Species of flowering plant

Eremophila margarethae, commonly known as sandbank poverty bush, is a flowering plant in the figwort family, Scrophulariaceae and is endemic to Western Australia. It is a low, spreading shrub with grey leaves, flowers a shade of pink or purple, common in central areas of Western Australia.

==Description==
Eremophila margarethae is a spreading shrub, with branches and leaves covered with fine grey or yellowish branched hairs, usually growing to a height of less than 1.5 m. The leaves are arranged alternately along the branches and are thick, especially near the edges, linear to lance-shaped, mostly 5-15 mm long and 2.5-7 mm wide. The leaves develop a coating of resin as they age which often obscures the individual hairs. The mid-rib is prominent on the lower surface and appears as a groove on the upper side.
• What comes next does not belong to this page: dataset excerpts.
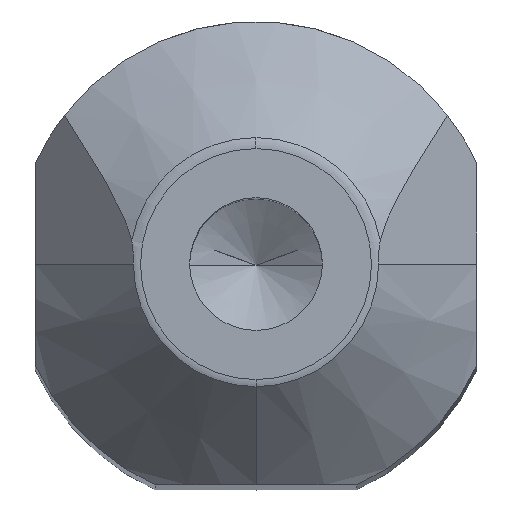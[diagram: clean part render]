
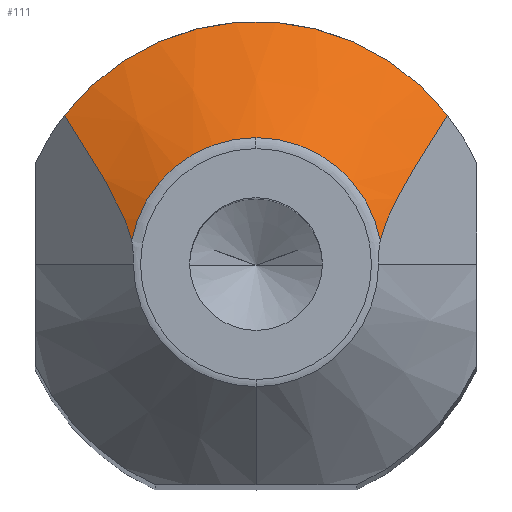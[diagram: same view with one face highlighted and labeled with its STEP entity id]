
A CAD part, top view. The second image highlights one B-rep face of the part: STEP entity #111.
In plain terms, the highlighted conical face has half-angle 60 degrees and reference radius 5.732 mm.
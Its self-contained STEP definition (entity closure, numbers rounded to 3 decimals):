
#90=B_SPLINE_CURVE_WITH_KNOTS('',3,(#1220,#1221,#1222,#1223,#1224,#1225),
 .UNSPECIFIED.,.F.,.F.,(4,2,4),(0.,0.5,1.),.UNSPECIFIED.);
#91=B_SPLINE_CURVE_WITH_KNOTS('',3,(#1228,#1229,#1230,#1231,#1232,#1233),
 .UNSPECIFIED.,.F.,.F.,(4,2,4),(0.,0.5,1.),.UNSPECIFIED.);
#111=ADVANCED_FACE('',(#152),#132,.T.);
#132=CONICAL_SURFACE('',#747,5.732,60.);
#152=FACE_OUTER_BOUND('',#188,.T.);
#188=EDGE_LOOP('',(#352,#353,#354,#355,#356));
#213=CIRCLE('',#710,5.732);
#229=CIRCLE('',#732,10.993);
#235=CIRCLE('',#746,5.732);
#352=ORIENTED_EDGE('',*,*,#544,.F.);
#353=ORIENTED_EDGE('',*,*,#568,.T.);
#354=ORIENTED_EDGE('',*,*,#506,.T.);
#355=ORIENTED_EDGE('',*,*,#569,.T.);
#356=ORIENTED_EDGE('',*,*,#570,.T.);
#439=VERTEX_POINT('',#1007);
#440=VERTEX_POINT('',#1009);
#473=VERTEX_POINT('',#1111);
#474=VERTEX_POINT('',#1113);
#485=VERTEX_POINT('',#1227);
#506=EDGE_CURVE('',#440,#439,#213,.T.);
#544=EDGE_CURVE('',#473,#474,#229,.T.);
#568=EDGE_CURVE('',#473,#440,#90,.T.);
#569=EDGE_CURVE('',#439,#485,#235,.T.);
#570=EDGE_CURVE('',#485,#474,#91,.T.);
#710=AXIS2_PLACEMENT_3D('',#1008,#807,#808);
#732=AXIS2_PLACEMENT_3D('',#1112,#867,#868);
#746=AXIS2_PLACEMENT_3D('',#1226,#902,#903);
#747=AXIS2_PLACEMENT_3D('',#1234,#904,#905);
#807=DIRECTION('',(0.,0.,-1.));
#808=DIRECTION('',(0.,-1.,0.));
#867=DIRECTION('',(0.,0.,-1.));
#868=DIRECTION('',(0.,-1.,0.));
#902=DIRECTION('',(0.,0.,-1.));
#903=DIRECTION('',(0.,-1.,0.));
#904=DIRECTION('',(0.,0.,-1.));
#905=DIRECTION('',(0.,1.,0.));
#1007=CARTESIAN_POINT('',(0.,5.732,-0.134));
#1008=CARTESIAN_POINT('',(0.,0.,-0.134));
#1009=CARTESIAN_POINT('',(-5.634,1.056,-0.134));
#1111=CARTESIAN_POINT('',(-8.672,6.757,-3.172));
#1112=CARTESIAN_POINT('',(0.,0.,-3.172));
#1113=CARTESIAN_POINT('',(8.672,6.757,-3.172));
#1220=CARTESIAN_POINT('',(-8.672,6.757,-3.172));
#1221=CARTESIAN_POINT('',(-8.099,5.878,-2.599));
#1222=CARTESIAN_POINT('',(-7.533,4.991,-2.033));
#1223=CARTESIAN_POINT('',(-6.463,3.145,-0.963));
#1224=CARTESIAN_POINT('',(-5.915,2.197,-0.415));
#1225=CARTESIAN_POINT('',(-5.634,1.056,-0.134));
#1226=CARTESIAN_POINT('',(0.,0.,-0.134));
#1227=CARTESIAN_POINT('',(5.634,1.056,-0.134));
#1228=CARTESIAN_POINT('',(5.634,1.056,-0.134));
#1229=CARTESIAN_POINT('',(5.915,2.199,-0.415));
#1230=CARTESIAN_POINT('',(6.46,3.139,-0.96));
#1231=CARTESIAN_POINT('',(7.531,4.989,-2.031));
#1232=CARTESIAN_POINT('',(8.098,5.877,-2.598));
#1233=CARTESIAN_POINT('',(8.672,6.757,-3.172));
#1234=CARTESIAN_POINT('',(0.,0.,-0.134));

The flowers are borne singly or in pairs in leaf axils on hairy stalks 3.5–7.5 mm long. There are five very hairy, blackish-purple, linear to lance-shaped, tapering sepals which are 7.5-13 mm long. The petals are 23-29 mm long and are joined at their lower end to form a tube. The petal tube is pale lilac to deep lilac-coloured on the outside and white with lilac or purple spots on the inside. The outer surface of the tube and petal lobes is hairy, the inner surface of the lobes is glabrous and the inside of the tube is filled with woolly hairs. The four stamens are fully enclosed in the petal tube. Flowering occurs from April to October and the fruits which follow are oval-shaped with a glabrous, straw-coloured, papery covering and are 6-9 mm long.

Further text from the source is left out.